In Gran Bretagna invece molte lettere furono pubblicate su diversi giornali locali, che censurarono solo i riferimenti a località e nomi; se non pubblicate furono comunque conservate in archivio e poi esplorate a partire dagli anni Novanta da una cinquantina di ricercatori volontari, coordinati da Lesley Park e Alan Cleaver, che ha scritto anche la prefazione al libro.

L’unico inconveniente del libro è che sia Cleaver che Antonio Besana, che ha scritto un’ampia introduzione all’edizione italiana, pur essendo entrambi animati da una generosa ostilità alla guerra e da una profonda simpatia per i soldati che parteciparono a quelle vicende, si sono persi un po’ nella ricostruzione di alcune vicende particolari come la leggendaria partita a pallone, o della biografia di alcuni militari, ma non hanno nemmeno tentato di indagare il significato politico profondo della vicenda. Le lettere confermano che praticamente tutti i partecipanti  alle tregue erano commossi e stupiti (anche perché quasi sempre l’iniziativa era partita dalle trincee tedesche), ma erano privi di qualsiasi legame con altre iniziative analoghe che si svolgevano a pochi chilometri di distanza.

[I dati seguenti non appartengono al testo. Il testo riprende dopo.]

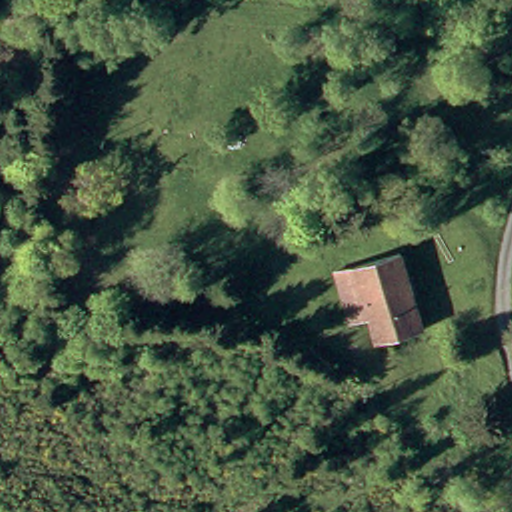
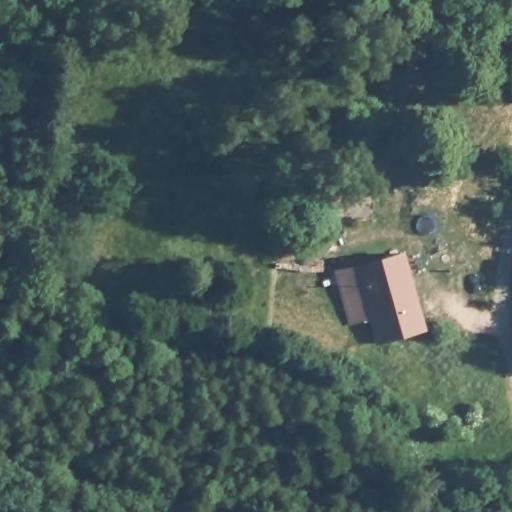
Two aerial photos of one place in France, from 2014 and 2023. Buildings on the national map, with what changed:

Cercando di spiegare il fenomeno l’uno e l’altro pensano alle comuni “radici cristiane dell’Europa”, o al fatto che gli inni di Natale cantati nelle trincee contrapposte avevano spesso parole diverse ma la stessa melodia. Antonio Besana poi segnala casi di fraternizzazione avvenuti nelle guerre napoleoniche, in quella di Crimea, nella guerra di indipendenza americana, e in altri casi, fino alla guerra russo giapponese, in cui ancora vi furono tregue per seppellire i morti, che finivano bevendo insieme saké o vodka. Poteva citare magari anche le tregue nell’Iliade… Ma non ricava la conclusione che il rifiuto della guerra e di considerare nemico un altro uomo oppresso da un’altra gerarchia militare e costretto a spararti addosso, corrisponda semplicemente al fatto che la natura umana non era stata ancora completamente condizionata da un indottrinamento fanatizzante, il cui effetto si è manifestato più chiaramente già nel corso della “Grande Guerra”, e ha permesso di circoscrivere presto queste prime manifestazioni spontanee di umanità e fraternità.

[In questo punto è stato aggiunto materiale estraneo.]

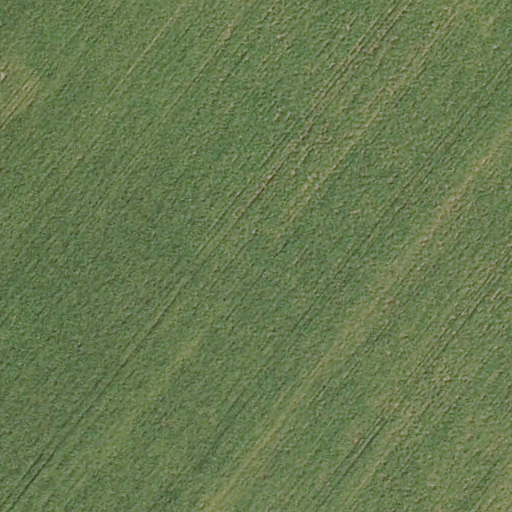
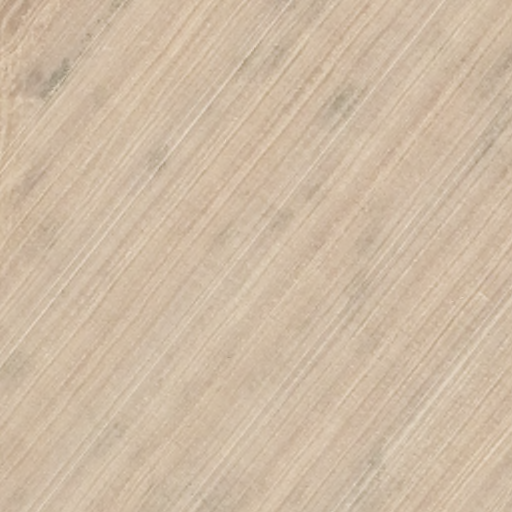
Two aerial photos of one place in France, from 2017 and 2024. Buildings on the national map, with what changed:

Tanto Cleaver che Antonio Besana non hanno pensato neppure per un attimo che il moltiplicarsi di episodi slegati tra loro e assolutamente privi di organizzazione centralizzata, riveli quanto sia stato grave l’atteggiamento opportunistico dei grandi partiti socialisti (con l’eccezione dei bolscevichi) e delle Chiese di ogni confessione, a parole contrarie alla crudeltà della guerra e nella pratica predicatrici di rassegnazione e passività.  Se si tiene conto anche delle rivolte francesi del maggio 1917 e della diserzione di massa di Caporetto, ugualmente priva di qualsiasi direzione, si capisce l’immensità del crimine di chi aveva fatto solenni congressi contro la guerra, e poi la considerava ineluttabile e la giustificava.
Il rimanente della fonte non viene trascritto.